Reverse-proxy load-balancing using Consul DNS

alexeirbv · May 25, 2021, 8:16pm

1. Caddy version (`caddy version`):

v2.4.1 h1:kAJ0JB5Xk5gPdTH/27S5cyoMGqD5lBAe9yZ8zTjVJa0=

2. How I run Caddy:

Running caddy run in my terminal emulator

a. System environment:

Distributor ID:	Ubuntu
Description:	Ubuntu 20.04.2 LTS
Release:	20.04
Codename:	focal

Linux: 5.4.0-70-generic

b. Command:

caddy run

c. Service/unit/compose file:

Not using Docker/systemd/Kubernetes/make etc

d. My complete Caddyfile or JSON config:

{
	acme_dns cloudflare <cloudlfare_token>

	storage consul {
		address "127.0.0.1:8500"
		token " <consul_token>"
		timeout 10
		prefix "caddytls"
		value_prefix "caddysite"
		aes_key "<aes_key>"
		tls_enabled "false"
		tls_insecure "true"
	}
}

<my-domain> {
	reverse_proxy {
		to srv+http://explorer-dashboard.service.dc1.consul srv+http://explorer-dashboard.service.dc2.consul
		lb_try_duration 2s
		lb_policy round_robin
		fail_duration 5s
		max_fails 2
		unhealthy_status 5xx
		unhealthy_request_count 2
	}
}

3. The problem I’m having:

I am trying to achieve service discovery and failover for my app using Caddy and Consul DNS. I have two Consul DCs and two instances of my app (one per dc). Each service instance has Consul health check. So, if the consul health check fails - Consul excludes failed instance from DNS response (it’s by design of Consul).
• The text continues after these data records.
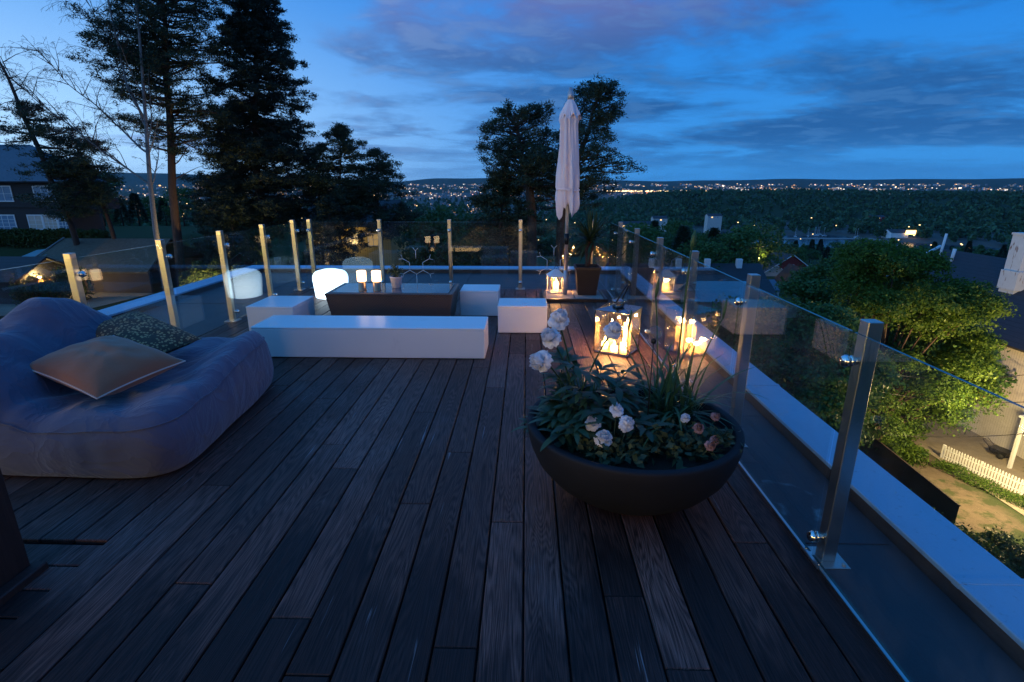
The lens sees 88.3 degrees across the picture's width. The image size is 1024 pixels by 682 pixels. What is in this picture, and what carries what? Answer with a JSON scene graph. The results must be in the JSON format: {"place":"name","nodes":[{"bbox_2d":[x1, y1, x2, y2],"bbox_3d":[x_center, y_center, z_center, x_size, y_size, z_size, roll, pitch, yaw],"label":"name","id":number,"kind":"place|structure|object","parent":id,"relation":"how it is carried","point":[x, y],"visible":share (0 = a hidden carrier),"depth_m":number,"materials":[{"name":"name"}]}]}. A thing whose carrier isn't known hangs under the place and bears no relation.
{"place":"outdoors","nodes":[
{"label":"outdoors","id":0,"kind":"place"},
{"bbox_2d":[0,292,152,315],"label":"driveway","id":1,"kind":"structure","parent":0,"point":[102,299],"depth_m":44.80,"materials":[{"name":"grey asphalt"}]},
{"bbox_2d":[0,173,1023,545],"bbox_3d":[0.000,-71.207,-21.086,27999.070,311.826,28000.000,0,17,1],"label":"ground","id":2,"kind":"structure","parent":0,"point":[980,509],"depth_m":946.96,"materials":[{"name":"green plant"}]},
{"bbox_2d":[0,256,65,303],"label":"shed","id":3,"kind":"structure","parent":2,"relation":"on","point":[43,268],"depth_m":43.96,"materials":[{"name":"tile"}]},
{"bbox_2d":[7,266,97,304],"bbox_3d":[-37.788,-4.540,43.404,5.008,3.261,2.788,-4,17,-14],"label":"bush","id":4,"kind":"object","parent":2,"relation":"on","point":[55,284],"visible":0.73,"depth_m":42.63,"materials":[{"name":"green plant"}]},
{"bbox_2d":[0,227,110,248],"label":"hedge","id":5,"kind":"object","parent":2,"relation":"on","point":[20,236],"visible":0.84,"depth_m":56.59,"materials":[{"name":"green plant"}]},
{"bbox_2d":[0,145,120,243],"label":"timber house","id":6,"kind":"structure","parent":2,"relation":"on","point":[17,213],"depth_m":57.60,"materials":[{"name":"wood"}]},
{"bbox_2d":[0,186,14,201],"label":"window","id":7,"kind":"structure","parent":6,"relation":"in","point":[5,191],"depth_m":57.29,"materials":[{"name":"white glass"}]},
{"bbox_2d":[0,215,17,228],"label":"window","id":8,"kind":"structure","parent":6,"relation":"in","point":[6,221],"depth_m":58.13,"materials":[{"name":"white glass"}]},
{"bbox_2d":[26,215,44,229],"bbox_3d":[-52.427,-13.073,58.061,1.690,1.640,0.080,0,17,1],"label":"window","id":9,"kind":"structure","parent":6,"relation":"in","point":[34,221],"depth_m":58.05,"materials":[{"name":"white glass"}]},
{"bbox_2d":[41,215,58,228],"bbox_3d":[-50.753,-13.061,58.018,1.640,1.640,0.080,0,17,1],"label":"window","id":10,"kind":"structure","parent":6,"relation":"in","point":[48,223],"depth_m":58.05,"materials":[{"name":"white glass"}]},
{"bbox_2d":[0,61,126,245],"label":"pine tree","id":11,"kind":"object","parent":2,"relation":"on","point":[32,133],"visible":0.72,"depth_m":47.98,"materials":[{"name":"green plant"}]},
{"bbox_2d":[28,131,135,238],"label":"pine tree","id":12,"kind":"object","parent":2,"relation":"on","point":[105,200],"visible":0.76,"depth_m":48.64,"materials":[{"name":"green plant"}]},
{"bbox_2d":[0,0,179,290],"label":"birch tree","id":13,"kind":"object","parent":2,"relation":"on","point":[148,148],"visible":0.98,"depth_m":40.96,"materials":[{"name":"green plant"}]},
{"bbox_2d":[34,237,210,292],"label":"garage","id":14,"kind":"structure","parent":2,"relation":"on","point":[131,270],"depth_m":48.80,"materials":[{"name":"grey wood"}]},
{"bbox_2d":[112,198,133,225],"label":"conifer tree","id":15,"kind":"object","parent":2,"relation":"on","point":[124,213],"visible":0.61,"depth_m":89.51,"materials":[{"name":"green plant"}]},
{"bbox_2d":[127,192,150,225],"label":"conifer tree","id":16,"kind":"object","parent":2,"relation":"on","point":[138,206],"visible":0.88,"depth_m":96.18,"materials":[{"name":"green plant"}]},
{"bbox_2d":[136,196,167,222],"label":"leafy tree","id":17,"kind":"object","parent":2,"relation":"on","point":[146,200],"visible":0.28,"depth_m":101.87,"materials":[{"name":"green plant"}]},
{"bbox_2d":[58,0,249,286],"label":"pine tree","id":18,"kind":"object","parent":2,"relation":"on","point":[155,33],"visible":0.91,"depth_m":43.29,"materials":[{"name":"green plant"}]},
{"bbox_2d":[156,196,170,225],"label":"conifer tree","id":19,"kind":"object","parent":2,"relation":"on","point":[160,213],"visible":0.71,"depth_m":97.91,"materials":[{"name":"green plant"}]},
{"bbox_2d":[158,186,195,225],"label":"leafy tree","id":20,"kind":"object","parent":2,"relation":"on","point":[180,193],"visible":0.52,"depth_m":86.53,"materials":[{"name":"green plant"}]},
{"bbox_2d":[178,99,278,266],"bbox_3d":[-29.623,-15.788,55.875,10.158,17.990,10.081,13,21,38],"label":"pine tree","id":21,"kind":"object","parent":2,"relation":"on","point":[196,214],"visible":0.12,"depth_m":54.42,"materials":[{"name":"green plant"}]},
{"bbox_2d":[178,256,282,286],"bbox_3d":[-24.245,-5.765,48.210,10.589,4.193,2.819,-4,17,-14],"label":"bush","id":22,"kind":"object","parent":2,"relation":"on","point":[198,271],"visible":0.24,"depth_m":46.51,"materials":[{"name":"green plant"}]},
{"bbox_2d":[188,179,275,268],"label":"pine tree","id":23,"kind":"object","parent":2,"relation":"on","point":[228,197],"visible":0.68,"depth_m":50.09,"materials":[{"name":"green plant"}]},
{"bbox_2d":[184,0,318,262],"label":"pine tree","id":24,"kind":"object","parent":2,"relation":"on","point":[256,32],"visible":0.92,"depth_m":49.06,"materials":[{"name":"green plant"}]},
{"bbox_2d":[283,141,355,260],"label":"pine tree","id":25,"kind":"object","parent":2,"relation":"on","point":[302,231],"visible":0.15,"depth_m":55.19,"materials":[{"name":"green plant"}]},
{"bbox_2d":[283,194,371,265],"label":"pine tree","id":26,"kind":"object","parent":2,"relation":"on","point":[336,223],"visible":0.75,"depth_m":50.74,"materials":[{"name":"green plant"}]},
{"bbox_2d":[288,120,384,263],"bbox_3d":[-17.696,-13.880,54.715,10.151,16.712,9.120,0,17,1],"label":"pine tree","id":27,"kind":"object","parent":2,"relation":"on","point":[334,184],"visible":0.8,"depth_m":52.39,"materials":[{"name":"green plant"}]},
{"bbox_2d":[301,200,409,265],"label":"yellow house","id":28,"kind":"structure","parent":2,"relation":"on","point":[390,251],"depth_m":66.15,"materials":[{"name":"wood"}]},
{"bbox_2d":[336,147,425,265],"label":"pine tree","id":29,"kind":"object","parent":2,"relation":"on","point":[380,164],"visible":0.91,"depth_m":54.48,"materials":[{"name":"green plant"}]},
{"bbox_2d":[390,220,447,265],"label":"leafy tree","id":30,"kind":"object","parent":2,"relation":"on","point":[421,227],"visible":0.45,"depth_m":64.91,"materials":[{"name":"green plant"}]},
{"bbox_2d":[395,202,476,265],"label":"leafy tree","id":31,"kind":"object","parent":2,"relation":"on","point":[437,212],"visible":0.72,"depth_m":63.01,"materials":[{"name":"green plant"}]},
{"bbox_2d":[422,216,468,263],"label":"leafy tree","id":32,"kind":"object","parent":2,"relation":"on","point":[439,221],"visible":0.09,"depth_m":67.03,"materials":[{"name":"green plant"}]},
{"bbox_2d":[431,230,497,265],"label":"leafy tree","id":33,"kind":"object","parent":2,"relation":"on","point":[459,243],"visible":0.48,"depth_m":60.56,"materials":[{"name":"green plant"}]},
{"bbox_2d":[454,225,526,265],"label":"leafy tree","id":34,"kind":"object","parent":2,"relation":"on","point":[468,240],"visible":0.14,"depth_m":60.73,"materials":[{"name":"green plant"}]},
{"bbox_2d":[451,169,550,265],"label":"pine tree","id":35,"kind":"object","parent":2,"relation":"on","point":[500,197],"visible":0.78,"depth_m":38.11,"materials":[{"name":"green plant"}]},
{"bbox_2d":[473,98,580,265],"bbox_3d":[0.938,-8.147,37.042,7.570,16.276,7.965,0,17,1],"label":"pine tree","id":36,"kind":"object","parent":2,"relation":"on","point":[530,160],"visible":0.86,"depth_m":34.82,"materials":[{"name":"green plant"}]},
{"bbox_2d":[104,188,1023,259],"bbox_3d":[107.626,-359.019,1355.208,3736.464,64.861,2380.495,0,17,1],"label":"distant forest","id":37,"kind":"object","parent":2,"relation":"on","point":[949,220],"visible":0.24,"depth_m":985.78,"materials":[{"name":"green plant"}]},
{"bbox_2d":[114,184,1022,215],"bbox_3d":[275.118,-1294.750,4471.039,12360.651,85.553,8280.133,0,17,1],"label":"city buildings","id":38,"kind":"structure","parent":2,"relation":"on","point":[723,187],"depth_m":5434.41,"materials":[{"name":"grey"}]},
{"bbox_2d":[119,183,1022,214],"bbox_3d":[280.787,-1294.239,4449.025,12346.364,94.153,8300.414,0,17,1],"label":"city lights","id":39,"kind":"object","parent":2,"relation":"on","point":[677,187],"visible":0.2,"depth_m":5186.95},
{"bbox_2d":[506,73,647,265],"bbox_3d":[3.704,-9.034,37.523,8.335,17.948,9.272,-11,20,-34],"label":"pine tree","id":40,"kind":"object","parent":2,"relation":"on","point":[599,116],"visible":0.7,"depth_m":34.83,"materials":[{"name":"green plant"}]},
{"bbox_2d":[621,221,654,258],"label":"leafy tree","id":41,"kind":"object","parent":2,"relation":"on","point":[625,226],"visible":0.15,"depth_m":181.29,"materials":[{"name":"green plant"}]},
{"bbox_2d":[621,222,666,262],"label":"leafy tree","id":42,"kind":"object","parent":2,"relation":"on","point":[646,232],"visible":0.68,"depth_m":111.10,"materials":[{"name":"green plant"}]},
{"bbox_2d":[655,219,686,242],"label":"leafy tree","id":43,"kind":"object","parent":2,"relation":"on","point":[675,224],"visible":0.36,"depth_m":172.06,"materials":[{"name":"green plant"}]},
{"bbox_2d":[645,229,700,260],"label":"leafy tree","id":44,"kind":"object","parent":2,"relation":"on","point":[668,237],"visible":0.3,"depth_m":122.97,"materials":[{"name":"green plant"}]},
{"bbox_2d":[666,224,691,262],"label":"conifer tree","id":45,"kind":"object","parent":2,"relation":"on","point":[684,237],"visible":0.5,"depth_m":109.25,"materials":[{"name":"green plant"}]},
{"bbox_2d":[606,258,766,297],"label":"row house","id":46,"kind":"structure","parent":2,"relation":"on","point":[673,279],"depth_m":93.56,"materials":[{"name":"tile"}]},
{"bbox_2d":[670,238,736,269],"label":"leafy tree","id":47,"kind":"object","parent":2,"relation":"on","point":[706,249],"visible":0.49,"depth_m":96.58,"materials":[{"name":"green plant"}]},
{"bbox_2d":[700,227,720,262],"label":"conifer tree","id":48,"kind":"object","parent":2,"relation":"on","point":[713,231],"visible":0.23,"depth_m":126.78,"materials":[{"name":"green plant"}]},
{"bbox_2d":[678,281,745,328],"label":"teal roofed house","id":49,"kind":"structure","parent":2,"relation":"on","point":[706,292],"depth_m":63.60,"materials":[{"name":"metal"}]},
{"bbox_2d":[703,214,721,233],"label":"slope house","id":50,"kind":"structure","parent":2,"relation":"on","point":[712,221],"depth_m":678.38,"materials":[{"name":"tile"}]},
{"bbox_2d":[708,228,761,262],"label":"leafy tree","id":51,"kind":"object","parent":2,"relation":"on","point":[717,240],"visible":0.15,"depth_m":118.73,"materials":[{"name":"green plant"}]},
{"bbox_2d":[725,279,778,300],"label":"dark roofed house","id":52,"kind":"structure","parent":2,"relation":"on","point":[766,285],"depth_m":69.79,"materials":[{"name":"tile"}]},
{"bbox_2d":[718,223,786,271],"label":"leafy tree","id":53,"kind":"object","parent":2,"relation":"on","point":[743,235],"visible":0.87,"depth_m":107.25,"materials":[{"name":"green plant"}]},
{"bbox_2d":[740,220,799,269],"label":"leafy tree","id":54,"kind":"object","parent":2,"relation":"on","point":[778,234],"visible":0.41,"depth_m":116.38,"materials":[{"name":"green plant"}]},
{"bbox_2d":[761,262,782,275],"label":"gabled house","id":55,"kind":"structure","parent":2,"relation":"on","point":[771,273],"depth_m":132.88,"materials":[{"name":"tile"}]},
{"bbox_2d":[767,251,807,268],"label":"red house","id":56,"kind":"structure","parent":2,"relation":"on","point":[795,260],"depth_m":145.94,"materials":[{"name":"tile"}]},
{"bbox_2d":[774,264,802,281],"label":"pale house","id":57,"kind":"structure","parent":2,"relation":"on","point":[784,273],"depth_m":118.75,"materials":[{"name":"tile"}]},
{"bbox_2d":[699,295,909,445],"bbox_3d":[14.084,1.479,28.003,11.777,8.034,9.235,0,17,1],"label":"leafy tree","id":58,"kind":"object","parent":2,"relation":"on","point":[814,354],"visible":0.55,"depth_m":25.70,"materials":[{"name":"green plant"}]},
{"bbox_2d":[772,246,932,343],"bbox_3d":[26.933,-1.346,42.259,12.557,12.628,9.167,0,17,1],"label":"leafy tree","id":59,"kind":"object","parent":2,"relation":"on","point":[803,284],"visible":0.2,"depth_m":41.75,"materials":[{"name":"green plant"}]},
{"bbox_2d":[881,229,907,237],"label":"harbour building","id":60,"kind":"structure","parent":2,"relation":"on","point":[894,233],"depth_m":721.05,"materials":[{"name":"white paint"}]},
{"bbox_2d":[783,236,1020,455],"bbox_3d":[22.801,0.660,32.314,13.140,13.958,8.803,0,17,1],"label":"maple tree","id":61,"kind":"object","parent":2,"relation":"on","point":[865,268],"visible":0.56,"depth_m":30.05,"materials":[{"name":"green plant"}]},
{"bbox_2d":[879,430,930,468],"bbox_3d":[24.753,6.118,35.302,2.382,2.123,6.698,2,17,6],"label":"bush","id":62,"kind":"object","parent":2,"relation":"on","point":[906,448],"visible":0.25,"depth_m":32.41,"materials":[{"name":"green plant"}]},
{"bbox_2d":[859,435,960,524],"bbox_3d":[21.580,5.906,34.223,0.281,2.824,20.682,2,17,6],"label":"board fence","id":63,"kind":"object","parent":2,"relation":"on","point":[906,474],"visible":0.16,"depth_m":27.36,"materials":[{"name":"black wood"}]},
{"bbox_2d":[887,315,1017,435],"bbox_3d":[27.644,2.248,34.675,9.140,9.838,8.347,0,17,1],"label":"leafy tree","id":64,"kind":"object","parent":2,"relation":"on","point":[919,346],"visible":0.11,"depth_m":31.76,"materials":[{"name":"green plant"}]},
{"bbox_2d":[888,232,1023,468],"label":"white house","id":65,"kind":"structure","parent":2,"relation":"on","point":[1005,275],"depth_m":36.18,"materials":[{"name":"paint"}]},
{"bbox_2d":[910,489,1023,578],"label":"hedge","id":66,"kind":"object","parent":2,"relation":"on","point":[1007,553],"visible":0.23,"depth_m":20.80,"materials":[{"name":"green plant"}]},
{"bbox_2d":[911,416,1023,514],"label":"yard","id":67,"kind":"structure","parent":2,"relation":"on","point":[977,448],"depth_m":34.50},
{"bbox_2d":[983,438,1010,459],"bbox_3d":[31.036,6.924,33.757,0.760,0.868,1.486,-5,17,-18],"label":"garden cart","id":68,"kind":"object","parent":67,"relation":"on","point":[1000,452],"visible":0.96,"depth_m":33.47,"materials":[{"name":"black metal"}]},
{"bbox_2d":[929,459,1023,509],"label":"bush","id":69,"kind":"object","parent":2,"relation":"on","point":[1017,497],"visible":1,"depth_m":30.35,"materials":[{"name":"green plant"}]},
{"bbox_2d":[940,444,1023,494],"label":"picket fence","id":70,"kind":"object","parent":2,"relation":"on","point":[943,452],"visible":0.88,"depth_m":31.20,"materials":[{"name":"white paint"}]},
{"bbox_3d":[-1.766,7.562,4.980,7.950,13.970,17.060,0,17,1],"label":"terrace building","id":71,"kind":"object","parent":2,"relation":"on","visible":0},
{"bbox_2d":[24,272,1023,681],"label":"roof felt","id":72,"kind":"object","parent":71,"relation":"on","point":[920,624],"visible":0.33,"depth_m":2.78,"materials":[{"name":"grey"}]},
{"bbox_2d":[330,291,666,681],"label":"deck joists","id":73,"kind":"object","parent":72,"relation":"on","point":[523,511],"depth_m":2.43,"materials":[{"name":"brown wood"}]},
{"bbox_2d":[0,544,102,632],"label":"deck","id":74,"kind":"structure","parent":73,"relation":"on","point":[63,561],"depth_m":2.36,"materials":[{"name":"brown wood"}]},
{"bbox_2d":[0,468,48,606],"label":"pergola post","id":75,"kind":"object","parent":74,"relation":"on","point":[18,572],"visible":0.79,"depth_m":2.26,"materials":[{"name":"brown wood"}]},
{"bbox_2d":[0,288,901,681],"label":"deck","id":76,"kind":"structure","parent":73,"relation":"on","point":[272,522],"depth_m":2.42,"materials":[{"name":"brown wood"}]},
{"bbox_2d":[0,297,273,477],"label":"bean bag lounger","id":77,"kind":"object","parent":76,"relation":"on","point":[204,396],"visible":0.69,"depth_m":3.21,"materials":[{"name":"fabric"}]},
{"bbox_2d":[30,335,185,398],"bbox_3d":[-2.636,0.149,3.423,0.727,0.242,0.568,15,27,19],"label":"cushion","id":78,"kind":"object","parent":77,"relation":"on","point":[99,367],"visible":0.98,"depth_m":3.28,"materials":[{"name":"beige fabric"}]},
{"bbox_2d":[96,311,201,353],"bbox_3d":[-2.800,-0.044,3.966,0.740,0.179,0.460,19,30,18],"label":"cushion","id":79,"kind":"object","parent":77,"relation":"on","point":[146,330],"visible":0.7,"depth_m":3.90,"materials":[{"name":"fabric"}]},
{"bbox_2d":[3,220,305,336],"bbox_3d":[-3.567,-0.308,4.879,0.167,1.120,7.690,0,17,1],"label":"glass railing","id":80,"kind":"object","parent":76,"relation":"on","point":[74,274],"visible":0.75,"depth_m":6.34,"materials":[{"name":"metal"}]},
{"bbox_2d":[246,296,314,330],"bbox_3d":[-2.758,-0.327,6.343,0.544,0.314,0.624,0,17,1],"label":"white box seat","id":81,"kind":"object","parent":76,"relation":"on","point":[263,309],"visible":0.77,"depth_m":6.10,"materials":[{"name":"laminate"}]},
{"bbox_2d":[312,268,347,299],"bbox_3d":[-2.752,-0.879,8.015,0.518,0.435,0.518,0,17,1],"label":"glowing stool","id":82,"kind":"object","parent":76,"relation":"on","point":[326,280],"visible":0.72,"depth_m":7.81,"materials":[{"name":"plastic"}]},
{"bbox_2d":[250,315,487,358],"bbox_3d":[-1.408,-0.051,5.418,2.304,0.309,0.494,0,17,1],"label":"white bench","id":83,"kind":"object","parent":76,"relation":"on","point":[378,336],"visible":0.94,"depth_m":5.19,"materials":[{"name":"laminate"}]},
{"bbox_2d":[324,283,459,315],"bbox_3d":[-1.459,-0.468,6.662,1.532,0.414,0.732,0,17,1],"label":"wicker table","id":84,"kind":"object","parent":76,"relation":"on","point":[410,299],"visible":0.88,"depth_m":6.33,"materials":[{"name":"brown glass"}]},
{"bbox_2d":[356,270,366,290],"bbox_3d":[-1.823,-0.734,6.405,0.112,0.240,0.112,0,17,1],"label":"table lamp","id":85,"kind":"object","parent":84,"relation":"on","point":[361,278],"visible":1,"depth_m":6.37,"materials":[{"name":"metal"}]},
{"bbox_2d":[371,270,380,290],"bbox_3d":[-1.643,-0.733,6.401,0.112,0.240,0.112,0,17,1],"label":"table lamp","id":86,"kind":"object","parent":84,"relation":"on","point":[376,277],"visible":1,"depth_m":6.36,"materials":[{"name":"glass"}]},
{"bbox_2d":[306,219,607,289],"bbox_3d":[-0.933,-1.402,8.574,4.896,1.120,0.167,0,17,1],"label":"glass railing","id":87,"kind":"object","parent":76,"relation":"on","point":[380,244],"visible":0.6,"depth_m":8.56,"materials":[{"name":"metal"}]},
{"bbox_2d":[460,284,499,315],"bbox_3d":[-0.417,-0.552,7.067,0.504,0.334,0.464,0,17,1],"label":"white box seat","id":88,"kind":"object","parent":76,"relation":"on","point":[479,299],"visible":0.89,"depth_m":6.86,"materials":[{"name":"laminate"}]},
{"bbox_2d":[498,298,546,332],"bbox_3d":[0.126,-0.308,6.269,0.569,0.319,0.444,0,17,1],"label":"white box seat","id":89,"kind":"object","parent":76,"relation":"on","point":[522,315],"visible":0.96,"depth_m":6.07,"materials":[{"name":"laminate"}]},
{"bbox_2d":[542,289,607,301],"bbox_3d":[0.940,-0.699,8.093,0.940,0.045,0.760,0,17,1],"label":"parasol stand","id":90,"kind":"object","parent":76,"relation":"on","point":[572,295],"visible":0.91,"depth_m":7.85,"materials":[{"name":"black metal"}]},
{"bbox_2d":[547,266,562,293],"bbox_3d":[0.684,-0.960,8.179,0.270,0.407,0.270,-2,17,-6],"label":"candle lantern","id":91,"kind":"object","parent":90,"relation":"on","point":[556,272],"visible":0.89,"depth_m":8.11,"materials":[{"name":"white paint"}]},
{"bbox_2d":[555,87,580,294],"bbox_3d":[0.804,-2.094,7.644,0.350,2.885,0.378,0,17,1],"label":"closed parasol","id":92,"kind":"object","parent":90,"relation":"in","point":[567,197],"visible":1,"depth_m":7.43,"materials":[{"name":"fabric"}]},
{"bbox_2d":[574,264,600,294],"bbox_3d":[1.141,-0.937,8.058,0.380,0.430,0.380,0,17,1],"label":"square flower pot","id":93,"kind":"object","parent":90,"relation":"on","point":[587,279],"visible":0.93,"depth_m":7.91,"materials":[{"name":"ceramic"}]},
{"bbox_2d":[562,207,622,266],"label":"yucca palm","id":94,"kind":"object","parent":93,"relation":"in","point":[589,235],"visible":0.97,"depth_m":7.81,"materials":[{"name":"green plant"}]},
{"bbox_2d":[593,284,641,357],"bbox_3d":[1.083,-0.240,5.376,0.372,0.707,0.372,10,19,30],"label":"candle lantern","id":95,"kind":"object","parent":76,"relation":"on","point":[618,305],"visible":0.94,"depth_m":5.30,"materials":[{"name":"silver metal"}]},
{"bbox_2d":[623,319,631,348],"bbox_3d":[1.184,-0.084,5.425,0.080,0.328,0.080,0,17,1],"label":"candle","id":96,"kind":"object","parent":95,"relation":"on","point":[625,331],"visible":0.76,"depth_m":5.40,"materials":[{"name":"wax"}]},
{"bbox_2d":[527,383,744,515],"bbox_3d":[0.655,0.630,2.944,1.144,0.420,1.144,0,17,1],"label":"bowl planter","id":97,"kind":"object","parent":76,"relation":"on","point":[662,485],"visible":0.59,"depth_m":2.48,"materials":[{"name":"ceramic"}]},
{"bbox_2d":[511,308,674,456],"bbox_3d":[0.428,0.229,2.853,0.875,0.851,0.827,0,17,1],"label":"peony plant","id":98,"kind":"object","parent":97,"relation":"in","point":[560,412],"visible":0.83,"depth_m":2.75,"materials":[{"name":"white plant"}]},
{"bbox_2d":[568,402,665,467],"bbox_3d":[0.523,0.461,2.576,0.500,0.297,0.373,0,17,1],"label":"rose bush","id":99,"kind":"object","parent":97,"relation":"in","point":[602,442],"visible":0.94,"depth_m":2.57,"materials":[{"name":"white plant"}]},
{"bbox_2d":[646,326,661,414],"bbox_3d":[0.723,0.220,2.758,0.080,0.622,0.076,0,17,1],"label":"garden stake light","id":100,"kind":"object","parent":97,"relation":"in","point":[653,341],"visible":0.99,"depth_m":2.73,"materials":[{"name":"black metal"}]},
{"bbox_2d":[626,412,742,468],"bbox_3d":[0.866,0.503,2.628,0.577,0.210,0.390,0,17,1],"label":"rose bush","id":101,"kind":"object","parent":97,"relation":"in","point":[680,443],"visible":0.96,"depth_m":2.61,"materials":[{"name":"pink plant"}]},
{"bbox_2d":[622,230,766,447],"bbox_3d":[0.898,-0.003,2.945,0.886,1.217,0.961,-5,17,-15],"label":"strap leaf lily","id":102,"kind":"object","parent":97,"relation":"in","point":[670,385],"visible":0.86,"depth_m":2.92,"materials":[{"name":"green plant"}]},
{"bbox_2d":[176,272,888,544],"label":"roof felt seams","id":103,"kind":"object","parent":72,"relation":"on","point":[852,540],"visible":0.47,"depth_m":8.10,"materials":[{"name":"grey"}]},
{"bbox_2d":[606,222,1023,681],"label":"glass railing","id":104,"kind":"object","parent":72,"relation":"on","point":[823,555],"visible":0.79,"depth_m":2.38,"materials":[{"name":"metal"}]},
{"bbox_2d":[98,265,1023,670],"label":"roof parapet","id":105,"kind":"structure","parent":71,"relation":"on","point":[978,585],"depth_m":2.98,"materials":[{"name":"metal"}]},
{"bbox_2d":[0,0,1023,181],"label":"sky","id":106,"kind":"structure","parent":0,"point":[718,89],"materials":[{"name":"blue"}]},
{"bbox_2d":[696,232,999,251],"bbox_3d":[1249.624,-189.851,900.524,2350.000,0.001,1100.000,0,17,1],"label":"water","id":107,"kind":"structure","parent":0,"point":[808,241],"depth_m":714.91,"materials":[{"name":"blue liquid"}]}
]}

E.g if explorer-dashboard in dc1 fails - DNS query to explorer-dashboard.service.dc1.consul will return nothing. I’m expecting that Caddy can handle this.
I mean its behaviour will be like "resolving explorer-dashboard.dc1 - OK and resolving explorer-dashboard.dc2 - FAILED. Okay, the good upstream for proxying is only explorer-dashboard.dc1. I will route all traffic to it and as explorer-dashboard.dc2 will be raised up I will perform a load balancing ". But Caddy doesn’t work as I expect. It returns HTTP 502 on each second request because one instance of my app is down, e.g
the first request - curl https://my-domain.com returns 200
the second request -curl https://my-domain.com returns 502
It tries to resolve DNS SRV record of the failed instance and receive an error from the DNS resolver

How can I exclude instances which cannot be resolved from traffic routing?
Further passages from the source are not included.